В этих лесах, казалось, было больше солдат, чем деревьев. Вблизи от нас несли службу воинские части Московского, Ленинградского, Одесского, Краснодарского, Киевского, Прибалтийского военных округов. Все они выполняли работы по нераспространению радионуклидов, проявляя стойкость и мужество. Они не жалели ни сил, ни здоровья для выполнения задач, поставленных партией и советским правительством.
За период с 1987–1988 года, находясь в Чернобыльской зоне, я получил повышенную дозу облучения (это отмечено в моем военном билете).

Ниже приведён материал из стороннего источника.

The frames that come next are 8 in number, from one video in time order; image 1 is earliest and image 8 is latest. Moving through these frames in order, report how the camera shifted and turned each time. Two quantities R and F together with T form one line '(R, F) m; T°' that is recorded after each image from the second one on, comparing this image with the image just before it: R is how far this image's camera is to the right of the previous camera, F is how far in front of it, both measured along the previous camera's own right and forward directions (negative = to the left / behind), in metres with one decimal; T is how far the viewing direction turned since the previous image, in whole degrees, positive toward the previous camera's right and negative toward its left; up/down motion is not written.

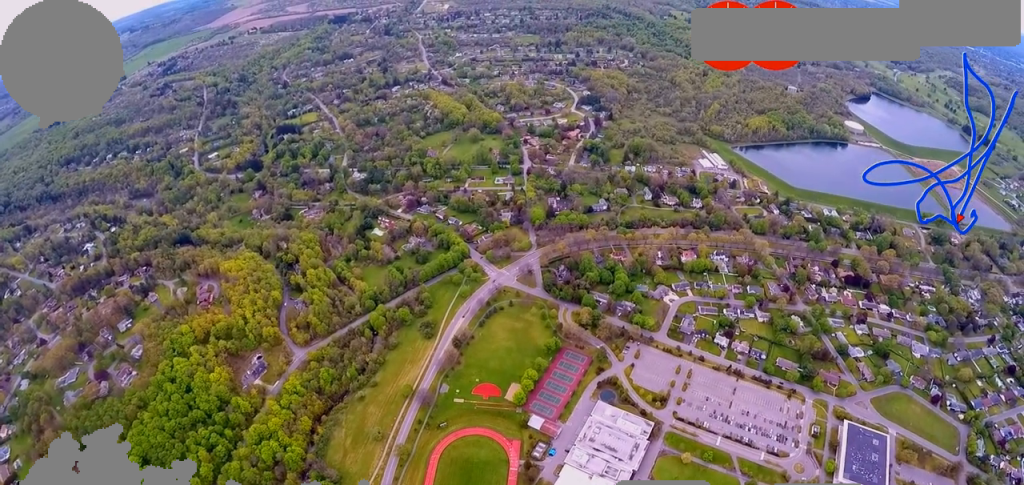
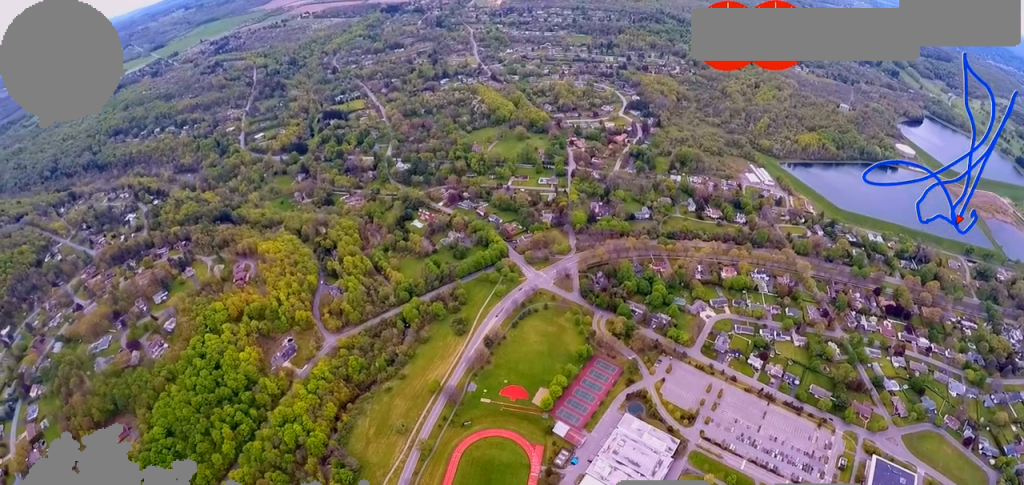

Вместе со мной в воинской части 98312 служили мои земляки: командир взвода, старший лейтенант В.Н. Силиверст (инвалид), бойцы Г.Н. Прищеп (ныне инвалид), П.Г. Кобылинский,
П. Дмитраков (уже нет в живых), В.С. Сороченко (нет в живых), Н. Серба (нет в живых), А.Н. Новик (нет в живых), А.Н. Семененко (нет в живых), С. Ласько (нет в живых).
За службу в Чернобыле я был награжден многими наградами, благодарственными письмами, направленными от командования на работу и домой, а также медалями и знаком участника ликвидации последствий на ЧАЭС (на снимке).
Вернувшись после службы домой, я по-прежнему работал инженером в своем управлении. Впоследствии мое пребывание в чернобыле дало о себе знать. Я много раз лечился в Минском радиологическом центре, в военном госпитале, в различных санаториях. Пришлось перенести две операции на позвоночнике. Я стал инвалидом ЧАЭС второй группы (статья 18) и, как ни горько об этом говорить, меня сразу все забыли. Ни на работе, ни в военкомате даже не вспомнили обо мне ни ко Дню инвалида, ни ко Дню чернобыльской трагедии. Очень обидно. А ведь мы добросовестно несли службу, боролись с невидимым врагом – радиацией.
Когда проходила замена удостоверений ликвидаторов последствий аварии на ЧАЭС, так военных ликвидаторов очень обидели и списки служивших в воинской части 98312 потеряли. Пришлось восстанавливать свои права через суды, доказывая все, показывая документы и справки… Может быть, еще и поэтому на многих интернет-форумах, конференциях из уст ликвидаторов звучат гневные отзывы, чувствуется озлобленность и обреченность…
Я убежден, что жертвенность и святость подвига чернобыльцев останется ярким примером человеколюбия и патриотизма. Всем ликвидаторам последствий на Чернобыльской АЭС я желаю здоровья, которое им так необходимо, веры в лучшее и простого человеческого счастья».